This Act creates a Monopoly for Big Tobacco, Raises Taxes, Expands Bureaucracy, Ignores Public Health, and Bans Tobacco in America.

This legislation will allow only the largest tobacco manufacturers to survive.

The bill will increase taxes on Americans by $300 million/year.

It will expand the bureaucratic authority of an inefficient agency (FDA) already struggling with the approval process for, and monitoring of, existing drugs.

The Act will distract the FDA from its core mission of approving safe and effective products – a standard unachievable by any tobacco product.

FDA Commissioner Edwards stated in sworn Congressional testimony in 1972 that “if cigarettes were to be classified as drugs, they would have to be removed from the market because it would be impossible to prove they were safe for their intended use."

The bill decimates family farms by instituting limitless authority to ban compounds found naturally in tobacco leaf, resulting in de facto prohibition

WonkerWrong

The majority of the comments made by Wonker are absolutely baseless. If he/she had bothered to read the Act, he/she would know that it explicitly states that the FDA cannot "ban" tobacco.

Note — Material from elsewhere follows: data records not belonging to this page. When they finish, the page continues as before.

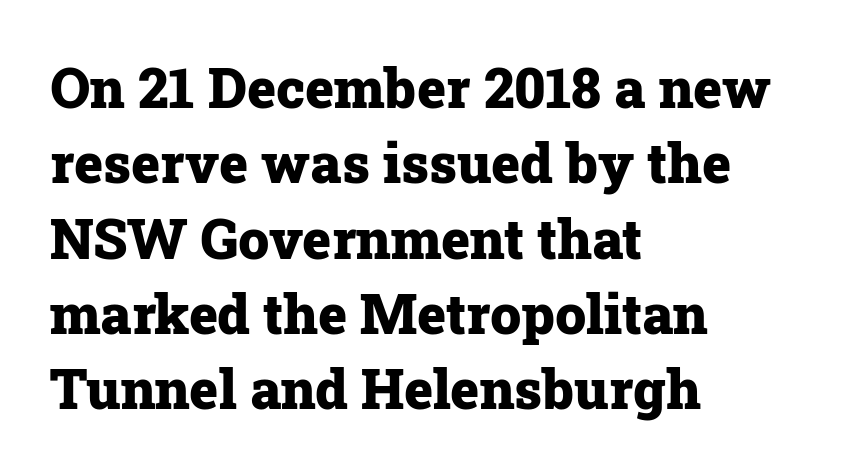
Q: Is the text bold? A: Yes.
Q: Is the text italic (slanted)? A: No, it is upright.
Q: Is the typeface a serif or a sans-serif typeface? A: Serif.
Q: Is the text underlined? A: No.
Q: How is the paragraph aligned? A: Left-aligned.
Q: Is the spacing between letters normal or unusually wide? A: Normal.
Q: Is the spacing between lines tight, normal or loose? A: Normal.
Q: Width (condensed, normal, or wide)? A: Normal.
Q: Stroke contrast? A: Low.
Q: x-height? A: Medium.
Q: Monospaced? A: No.
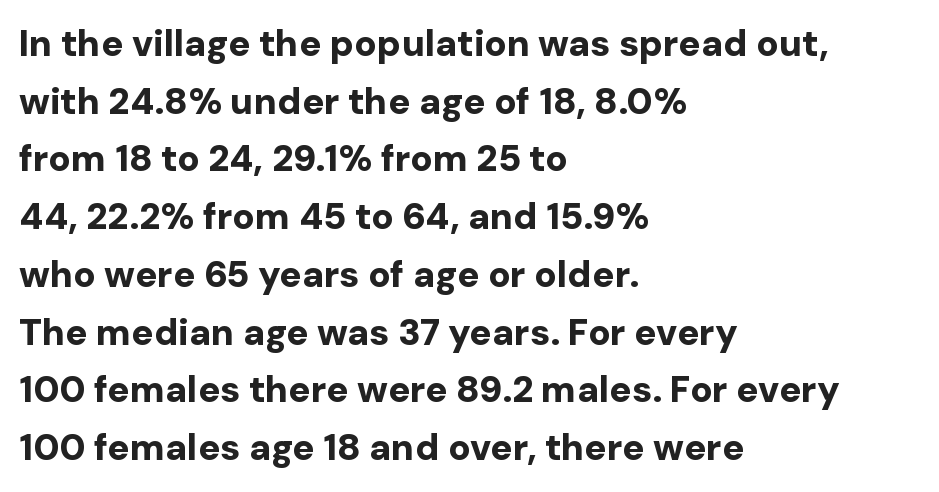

Nor does the Act in any way create limitless authority to ban compounds "found naturally in tobacco leaf." Do your research before you post!

emily

Plain and simple...smoking cigarettes kills. If you want to kill yourself that way, go ahead, but I agree with the government in trying to make it a little harder. They're actually doing smokers a favor in the end.

Concered citizen

All of us must work together to keep children safe from tobacco addiction. We may not have the money that tobacco companies have, but we have the hearts that react to the pain and suffering caused by tobacco use. As a nurse, one needs to draw attention to the effects of tobacco-related diseases and how it impacts our patients. This is a momentous step forward to protect people from a lifetime of tobacco addiction and disease. H.R.1108, the Family Smoking Prevention and Tobacco Control Act of 2007, will reduce health care costs and improve quality of care for our society.

Landowner

Stop eating fat, excercise, don't breath the air, don't drink coffee, what else should our government control for us folks?

Disgusted

This bill deliberately signals out a minority group of people (approx 22% of the population-(smokers) to pay for the health care of a greater majority of the population. Does the phrase "taxation without representation" ring a bell with anyone? Can we say discrimination here? How would you like to have an additional tax on every gallon of gas you use in your car to pay for programs that do not benefit you or that will be denied you in a time of need? Regardless of your personal feelings about smoking, try removing the blinders and looking at the bigger picture. What group is next for targeting - after the overweight of course, for that has already started. And while the FDA cannot ban tobacco, the bill will allow them to reduce the nicotine (which just happens to be a natural component of the plant, thereby changing its structure so to speak) to a point where the cigarette is unpalatable, it is, as a judge ruled recently - prohibition.

George Mason

Concerned C Tobacco has generated 2.6 trillion world wide since the year 2000. 2.2 trillion has been collected by governments. tobacco Cos make about 30 cents a pack as of right now in the US. Governments in the US make on average about $2.20 a pack. Governments are the biggest profiteers in the tobacco trade. Nice try!

Alice in Wonderland

Non smokers should think about where the taxes will come from when smokers all quit smoking. My bet is property taxes get raised - a lot!

Lindsey

Smokers should think about the fact that federal spending on healthcare, welfare, etc. would go WAY down if smokers didn't incapacitate themselves by smoking and developing one of many smoking-related diseases. Tax revenue will go down, but so will millions of death as well as the need for tax money.

Alice in la la land

Alice - Property taxes might get raised, but health care costs might go down. Then the country won't have to spend so much money on Medicaid/Medicare because less people smoke.

Fastrunner

The costs of tobacco use are much greater than the tax benefits. Since smoking is primarily a habit of low income groups, the public pays for sick and dying smokers treatments through increased medicaid and medicare costs.

FDACan'tHandleIt

WonkerWroge, The bill would actually allow for states to ban the sales of tobacco in there state. I'm all for NOT selling tobacco to kids, lowering taxes etc, but the bottom line is that the FDA does not have the means to oversee and carry out a task on this proportion. You also have to consider the store owners who sell tobacco, it is a significant part of there sales, it would hurt them, their employees and community.

Spartan

People talk about health care cost going down etc but cig taxes fund so many state and federal projects, if sales of tobacco go down then the gen pop would begin to pay more taxes to cover up for the loss. It's about the benjamins baby!

Marjorie Miller

Isn't it funny they care more about complete record keeping on every cigarette sold, and aren't worried at all about auditing the voting system. See http://votebankaccount.com/TimeTracker/selfRecount.aspx
for a self-check recount. Vote these clowns out of office. Get a Vote Account and track your votes. Soon to be updated and extended to general election erector set.

Do you know where your vote is?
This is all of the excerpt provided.